• Directions: Transcribe the listing below verbatim, omitting pictures.

• The data:
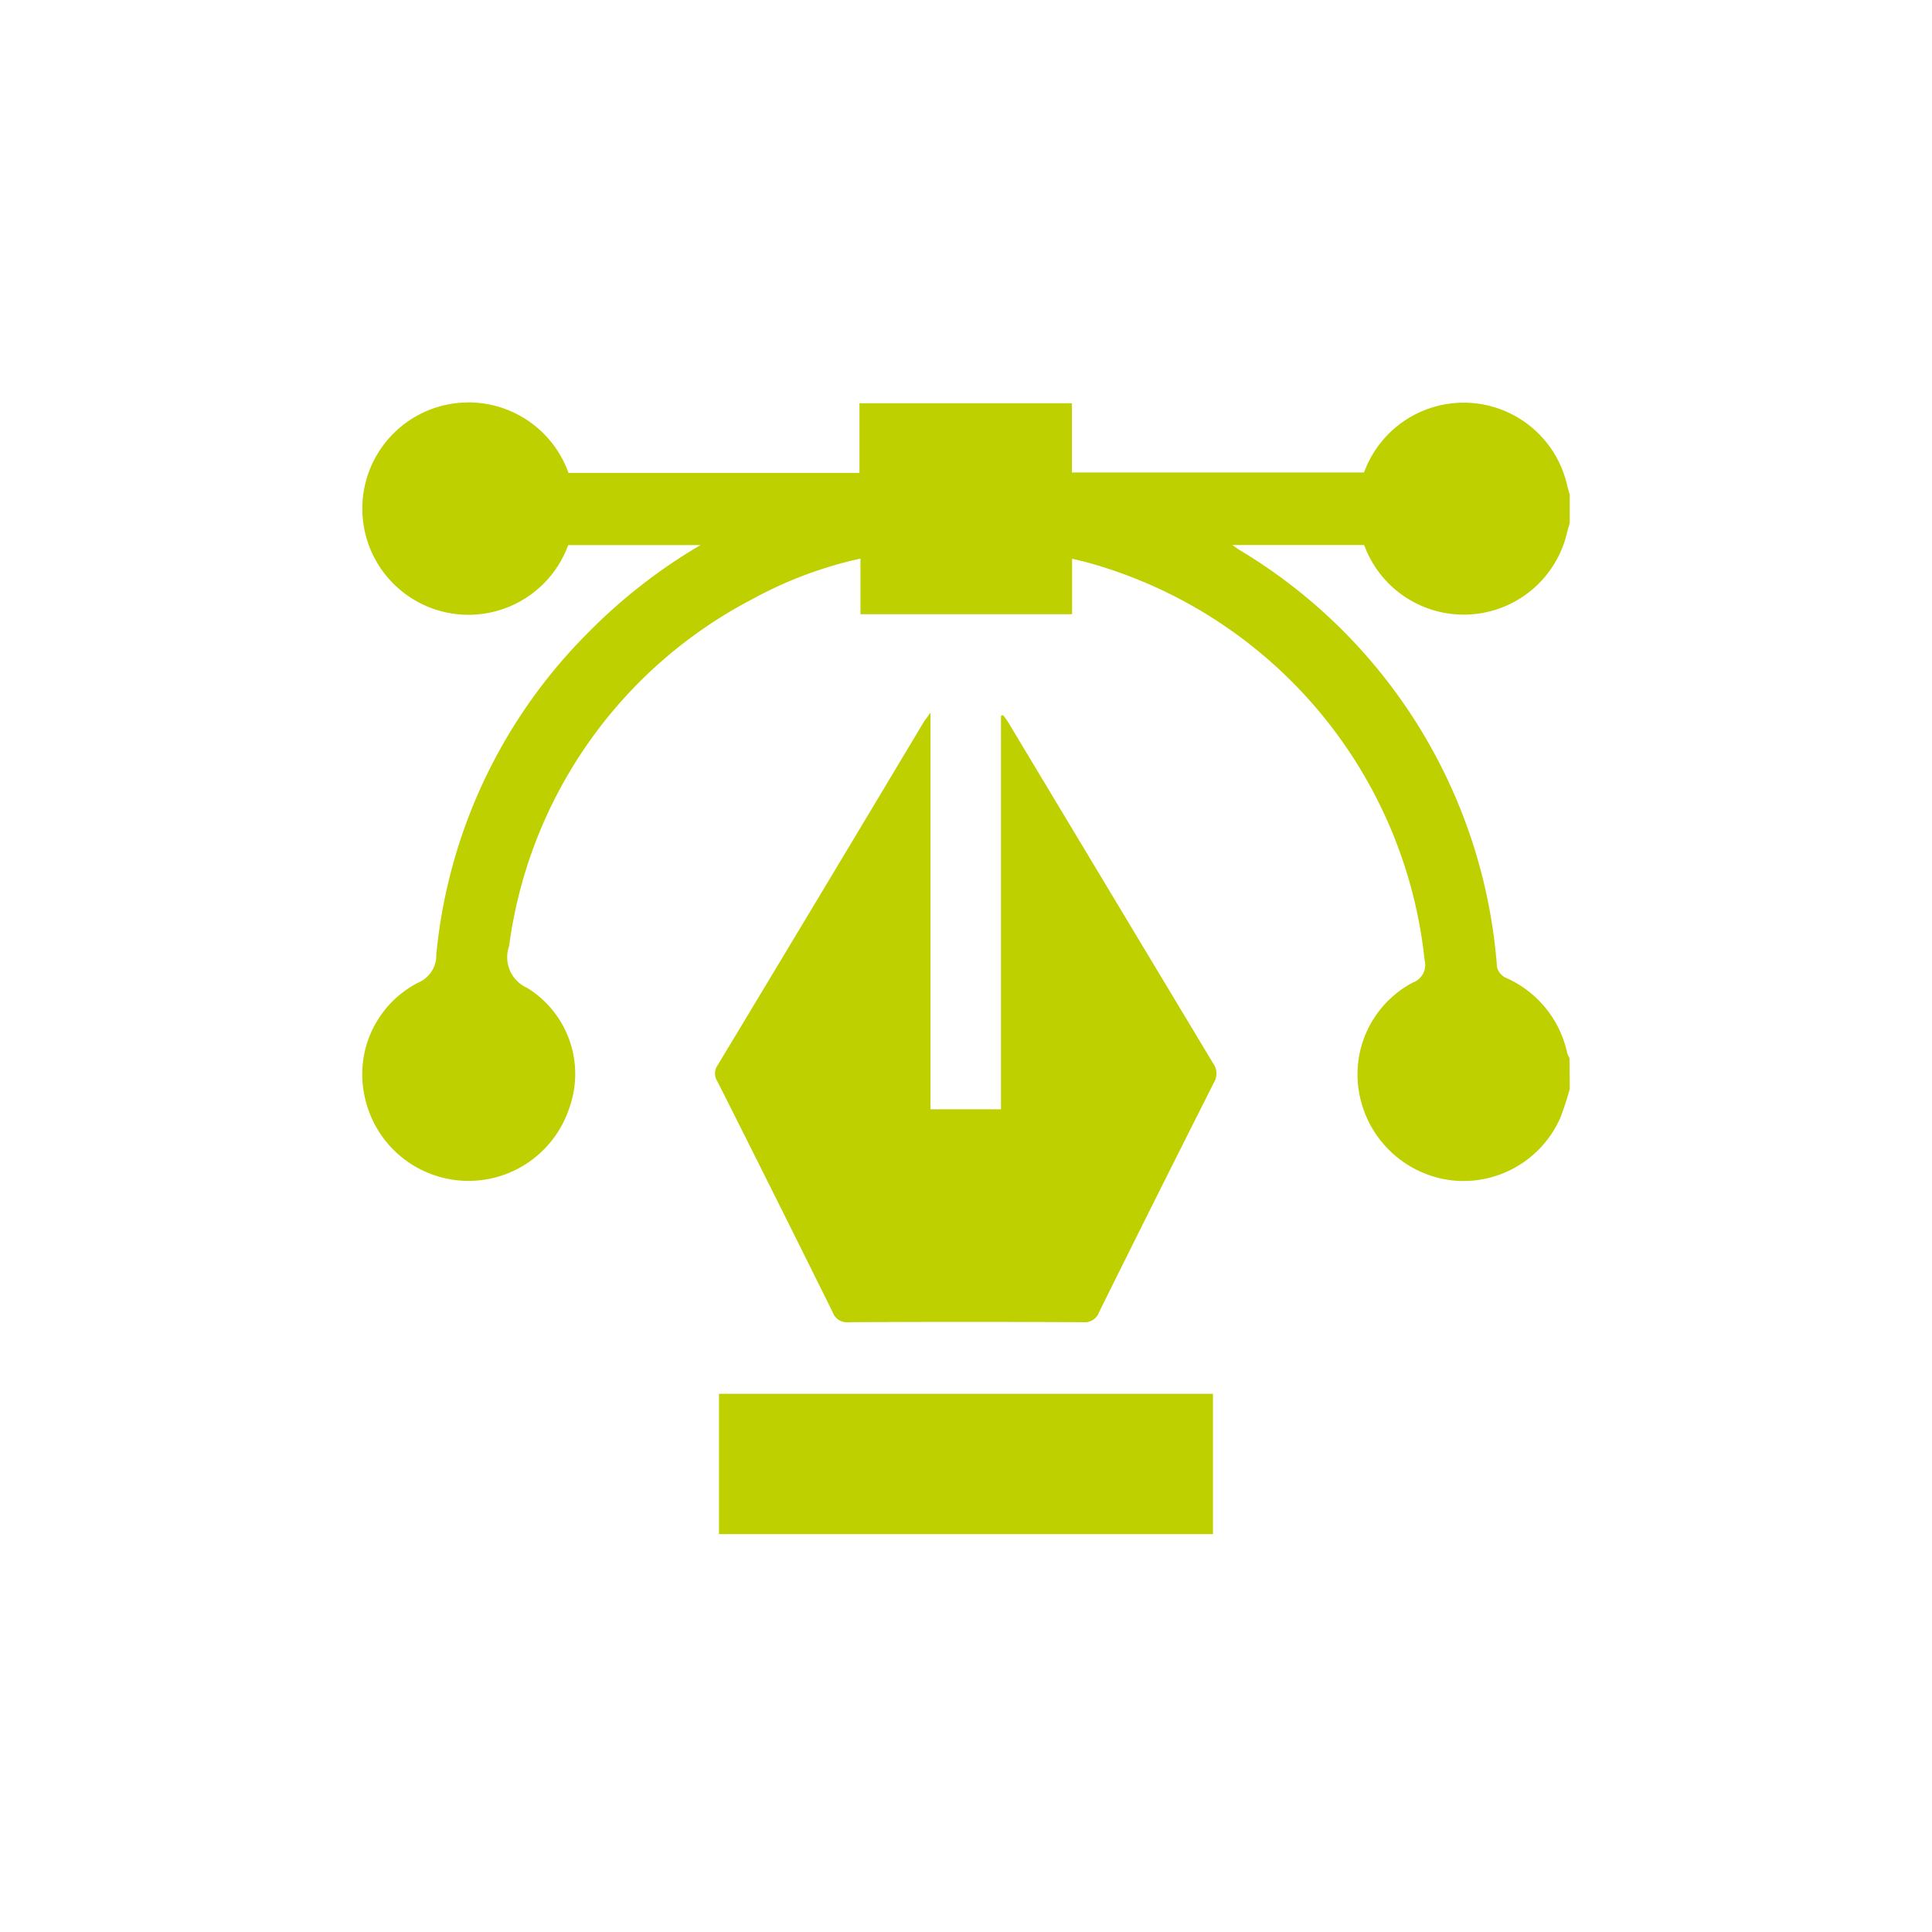 <svg xmlns="http://www.w3.org/2000/svg" xmlns:xlink="http://www.w3.org/1999/xlink" width="48" height="48" viewBox="0 0 48 48">
  <defs>
    <clipPath id="clip-path">
      <rect id="Bold_book-book-pages" data-name="Bold / book-book-pages" width="48" height="48" transform="translate(6035 9555)" fill="#bed000"/>
    </clipPath>
  </defs>
  <g id="ico_equipe_dédiée" data-name="ico_equipe dédiée" transform="translate(-6035 -9555)" clip-path="url(#clip-path)">
    <g id="Groupe_865" data-name="Groupe 865" transform="translate(5785.217 5358.934)">
      <path id="Tracé_1087" data-name="Tracé 1087" d="M288.783,4223.12a7.235,7.235,0,0,1-.235.719,2.631,2.631,0,0,1-2.676,1.555,2.658,2.658,0,0,1-2.3-2.072,2.58,2.58,0,0,1,1.313-2.845.464.464,0,0,0,.292-.556,11.5,11.5,0,0,0-8.426-9.894c-.1-.027-.2-.048-.332-.079v1.378h-5.258v-1.382a10.1,10.1,0,0,0-2.7,1.015,11.408,11.408,0,0,0-6.029,8.611.833.833,0,0,0,.448,1.04,2.51,2.51,0,0,1,1.044,2.993,2.636,2.636,0,0,1-5.067-.233,2.561,2.561,0,0,1,1.316-2.891.735.735,0,0,0,.45-.7,13.058,13.058,0,0,1,3.769-7.992,13.52,13.52,0,0,1,2.794-2.178H263.9a2.638,2.638,0,1,1,.007-1.794h7.229v-1.73h5.278v1.72h7.258a2.635,2.635,0,0,1,5.042.3c.02.085.046.168.069.251v.7c-.023.083-.049.167-.069.251a2.635,2.635,0,0,1-5.039.3H280.4c.077.053.108.076.14.1a13.227,13.227,0,0,1,6.436,10.387.4.4,0,0,0,.209.26,2.647,2.647,0,0,1,1.535,1.875.737.737,0,0,0,.057.128Z" fill="#bed000"/>
      <path id="Tracé_1088" data-name="Tracé 1088" d="M293.363,4231.75v9.857h1.751v-9.776l.056-.015c.046.068.1.134.137.2q2.538,4.226,5.078,8.451a.43.43,0,0,1,.02.477q-1.436,2.845-2.852,5.7a.377.377,0,0,1-.393.254q-2.914-.016-5.828,0a.377.377,0,0,1-.4-.25q-1.421-2.87-2.861-5.729a.354.354,0,0,1,0-.4q2.575-4.272,5.136-8.553C293.243,4231.92,293.282,4231.87,293.363,4231.75Z" transform="translate(-20.462 -17.982)" fill="#bed000"/>
      <path id="Tracé_1089" data-name="Tracé 1089" d="M288.327,4288.15H300.6v3.486H288.327Z" transform="translate(-20.681 -57.455)" fill="#bed000"/>
    </g>
  </g>
</svg>

• Written solution:
 <svg xmlns="http://www.w3.org/2000/svg" xmlns:xlink="http://www.w3.org/1999/xlink" width="48" height="48" viewBox="0 0 48 48">
  <defs>
    <clipPath id="clip-path">
      <rect id="Bold_book-book-pages" data-name="Bold / book-book-pages" width="48" height="48" transform="translate(6035 9555)" fill="#bed000"/>
    </clipPath>
  </defs>
  <g id="ico_equipe_dédiée" data-name="ico_equipe dédiée" transform="translate(-6035 -9555)" clip-path="url(#clip-path)">
    <g id="Groupe_865" data-name="Groupe 865" transform="translate(5785.217 5358.934)">
      <path id="Tracé_1087" data-name="Tracé 1087" d="M288.783,4223.12a7.235,7.235,0,0,1-.235.719,2.631,2.631,0,0,1-2.676,1.555,2.658,2.658,0,0,1-2.3-2.072,2.58,2.58,0,0,1,1.313-2.845.464.464,0,0,0,.292-.556,11.5,11.5,0,0,0-8.426-9.894c-.1-.027-.2-.048-.332-.079v1.378h-5.258v-1.382a10.1,10.1,0,0,0-2.7,1.015,11.408,11.408,0,0,0-6.029,8.611.833.833,0,0,0,.448,1.04,2.51,2.51,0,0,1,1.044,2.993,2.636,2.636,0,0,1-5.067-.233,2.561,2.561,0,0,1,1.316-2.891.735.735,0,0,0,.45-.7,13.058,13.058,0,0,1,3.769-7.992,13.52,13.52,0,0,1,2.794-2.178H263.9a2.638,2.638,0,1,1,.007-1.794h7.229v-1.73h5.278v1.72h7.258a2.635,2.635,0,0,1,5.042.3c.02.085.046.168.069.251v.7c-.023.083-.049.167-.069.251a2.635,2.635,0,0,1-5.039.3H280.4c.077.053.108.076.14.1a13.227,13.227,0,0,1,6.436,10.387.4.4,0,0,0,.209.26,2.647,2.647,0,0,1,1.535,1.875.737.737,0,0,0,.057.128Z" fill="#bed000"/>
      <path id="Tracé_1088" data-name="Tracé 1088" d="M293.363,4231.75v9.857h1.751v-9.776l.056-.015c.046.068.1.134.137.2q2.538,4.226,5.078,8.451a.43.43,0,0,1,.02.477q-1.436,2.845-2.852,5.7a.377.377,0,0,1-.393.254q-2.914-.016-5.828,0a.377.377,0,0,1-.4-.25q-1.421-2.87-2.861-5.729a.354.354,0,0,1,0-.4q2.575-4.272,5.136-8.553C293.243,4231.92,293.282,4231.87,293.363,4231.75Z" transform="translate(-20.462 -17.982)" fill="#bed000"/>
      <path id="Tracé_1089" data-name="Tracé 1089" d="M288.327,4288.15H300.6v3.486H288.327Z" transform="translate(-20.681 -57.455)" fill="#bed000"/>
    </g>
  </g>
</svg>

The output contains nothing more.